The field of this invention is data communications, and more particularly, relates to authentication of remote terminals, including computers, in a communications system.
Access control and authentication of remote users has been a problem of increasing importance, particularly in the field of electronic funds transfer (EFT), and other fields requiring secure data communications. The National Bureau of Standards has adopted the data encryption standard (DES) as a relatively efficient, in terms of hardware and time, method of encrypting data for transmission. However, the DES is presently believed to have an insufficient degree of security for many users, and presents problems in the area of key distribution.
There are other more secure types of systems known in the prior art, such as those known as public key systems. In general, the public key system includes a plurality of terminals coupled by a communications medium, where each terminal has an associated encryption procedure (or transformation or operator) E and different decryption procedure (or transformation or operator) D, which may be applied to a message M. These transformatins E and D are related so that E(M)=C and D(C)=M. Moreover, pairs of transformations E and D are relatively easy to generate, but D is substantially not derivable from E. As used herein, the term "substantially not derivable" means not practically feasible. In addition, the encryption transformation and the decryption transformation are inversly related so that E(D(M))=D(E(M))=M. An encryption transformation meeting these conditions is referred to as a trap-door, one-way function.
Each terminal may generate his own encryption key, decryption key pair (E,D). By way of example, a first terminal (denoted A) may be characterized by an encryption key E.sub.A and a decryption key D.sub.A, and a second terminal (denoted B) may be characterized by an encryption key E.sub.B and a decryption key D.sub.B. In a typical public key system, the encryption keys E.sub.A and E.sub.B are made publically available, while the decryption keys are kept secret by the respective terminals. Terminal A may then use terminal B's encryption key to send an encrypted message C(=E.sub.B (M)) to terminal B over an open, or non-secure, channel. Since only terminal B knows D.sub.B and D.sub.B is substantially not derivable from E.sub.B, only terminal B can determine the message content of the encrypted message by reverse transforming C, i.e. D.sub.B (C)=D.sub.B (E.sub.B (M))=M.
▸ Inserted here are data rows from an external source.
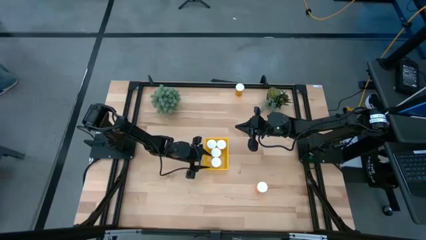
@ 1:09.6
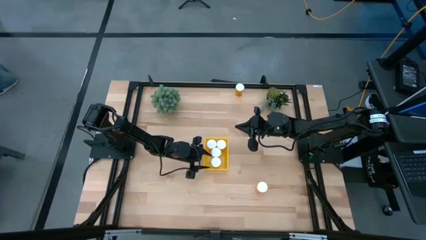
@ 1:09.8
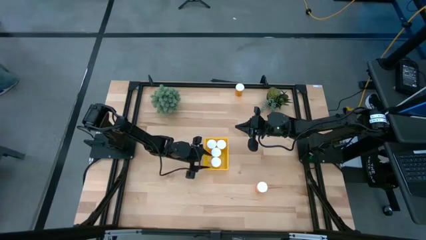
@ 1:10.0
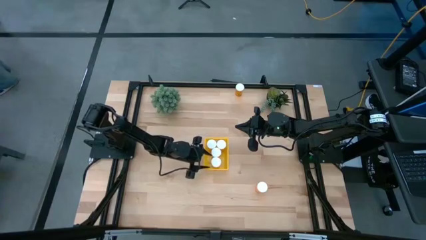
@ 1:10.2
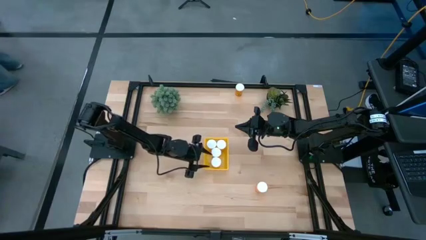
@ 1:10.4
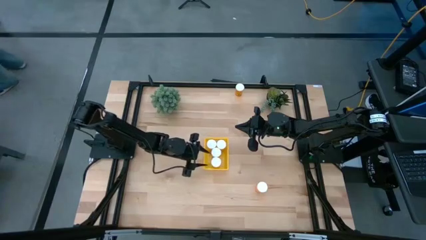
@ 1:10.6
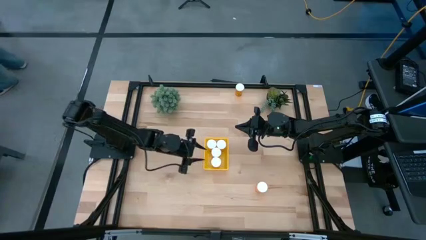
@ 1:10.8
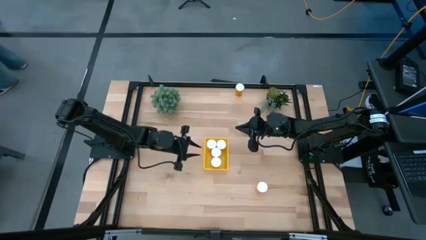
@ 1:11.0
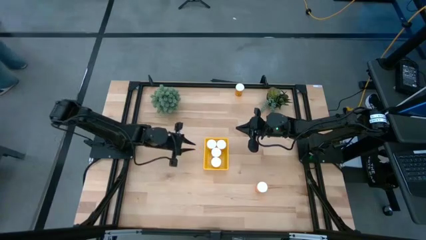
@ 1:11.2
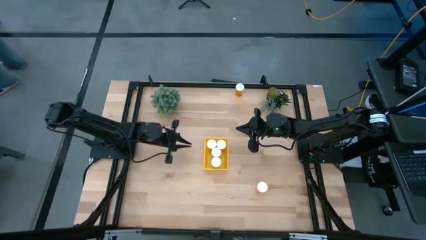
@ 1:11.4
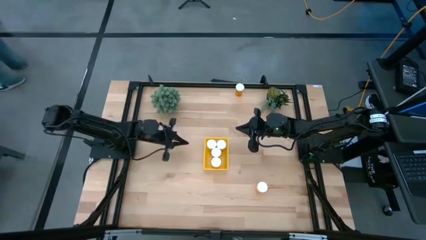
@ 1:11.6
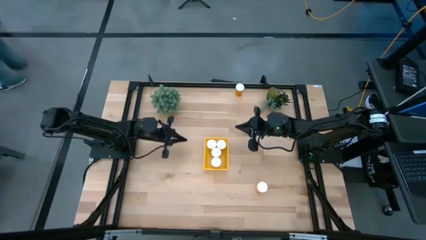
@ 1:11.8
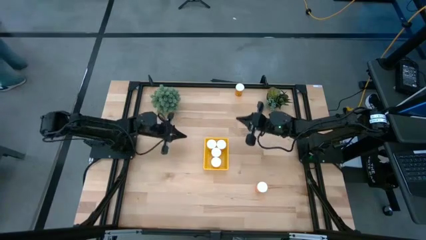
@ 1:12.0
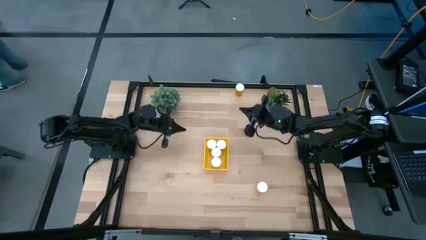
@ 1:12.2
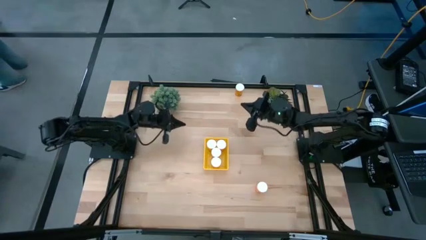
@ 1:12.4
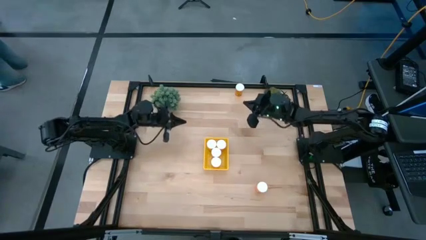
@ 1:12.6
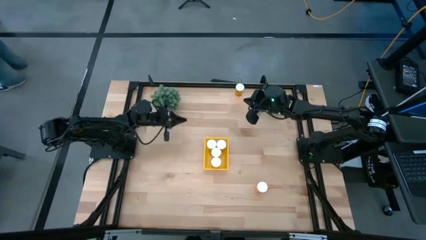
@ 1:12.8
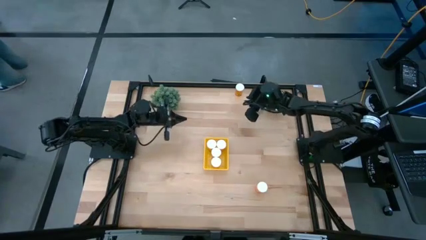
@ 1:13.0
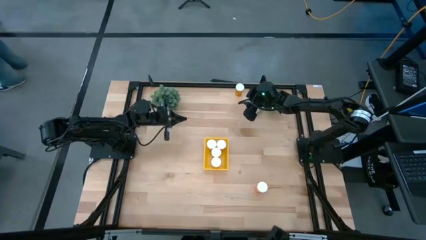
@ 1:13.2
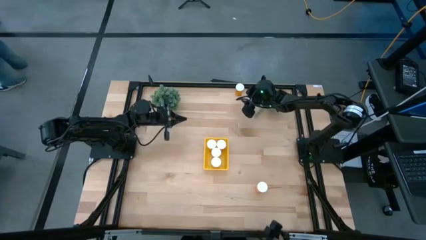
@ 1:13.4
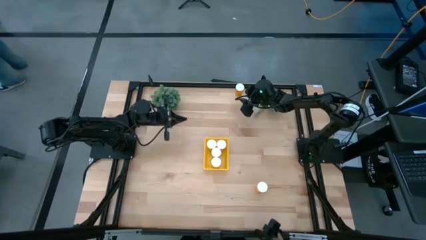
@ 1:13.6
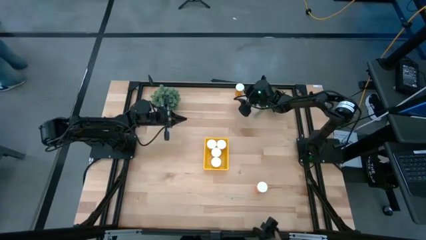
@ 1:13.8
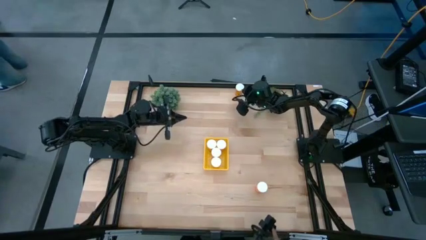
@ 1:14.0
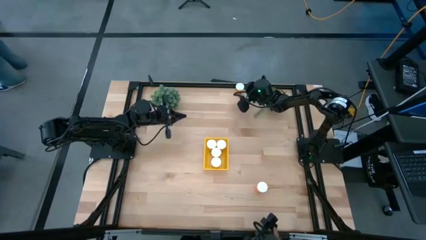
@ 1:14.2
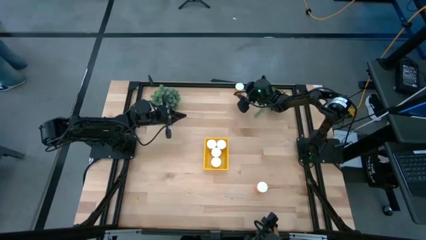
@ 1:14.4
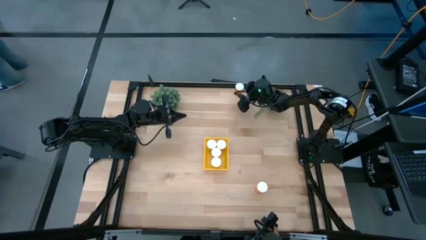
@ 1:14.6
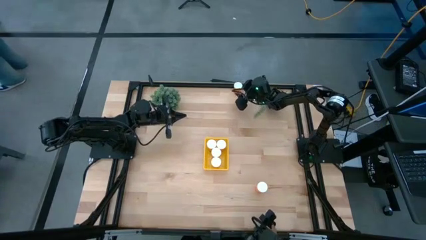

Moreover, if terminal A had further encoded C with its secret decryption key (i.e. D.sub.A (E.sub.B (M))=C), then terminal B can decode the message using terminal A's known encryption key (E.sub.A) and its own secret decryption key D.sub.B to obtain the message M, i.e. E.sub.A (D.sub.B (C)=M), and be assured that only terminal A could have authored the message (since only terminal A could generate a message that could be decoded with E.sub.A). For example, see Trans. Inform. Theory, IT-22, 6 (November 1976).
The integrity of public key systems is primarily dependent on the degree of confidence in the one-way trap-door function. There are two generally known approaches to the one-way trap-door function. The first, using knapsack functions, has been proposed by R. Merkle and M. Hellman. Another, referred to as the RSA Technique, is based on the difficulty of factoring large composite numbers. See Rivest, et al., "A Method for Obtaining Digital Signatures and Public Key Cryptosystems", Comm. ACM, Vol. 21, No. 2 (February 1978). While all the known approaches may be considered to be "breakable" in some sense (for example, by trial and error), at this time the RSA technique system appears somewhat more secure than other known cryptographic techniques. See Scientific American, (August 1982), p. 67B, 68.
However, while the public key systems are considered to be much more secure than the DES based systems, the known public key systems are considerably slower operating than are the DES-based systems. As suggested by the Rivest, et al. paper cited above, a public key system can be used on a short-term basis to distribute keys for a more conventional DES-type system that is used for long-term data links. However, short of using the doubly complex (and correspondingly slow) public key digital signature approach to ascertain the authenticity of a user, there are no efficient methods in the prior art to accomplish this task.
Accordingly, it is an object of the present invention to provide an improved authentication system which permits authentication of a remote user so linked terminals can be sure that users are who they say they are, and so that as a consequence, DES or other hardware- and time-efficient encryption techniques may be used with relatively high confidence level.
It is another object to provide an improved authentication system which permits confirmation that a remote terminal including a programmed computer is in fact using the program that it asserts that it is using.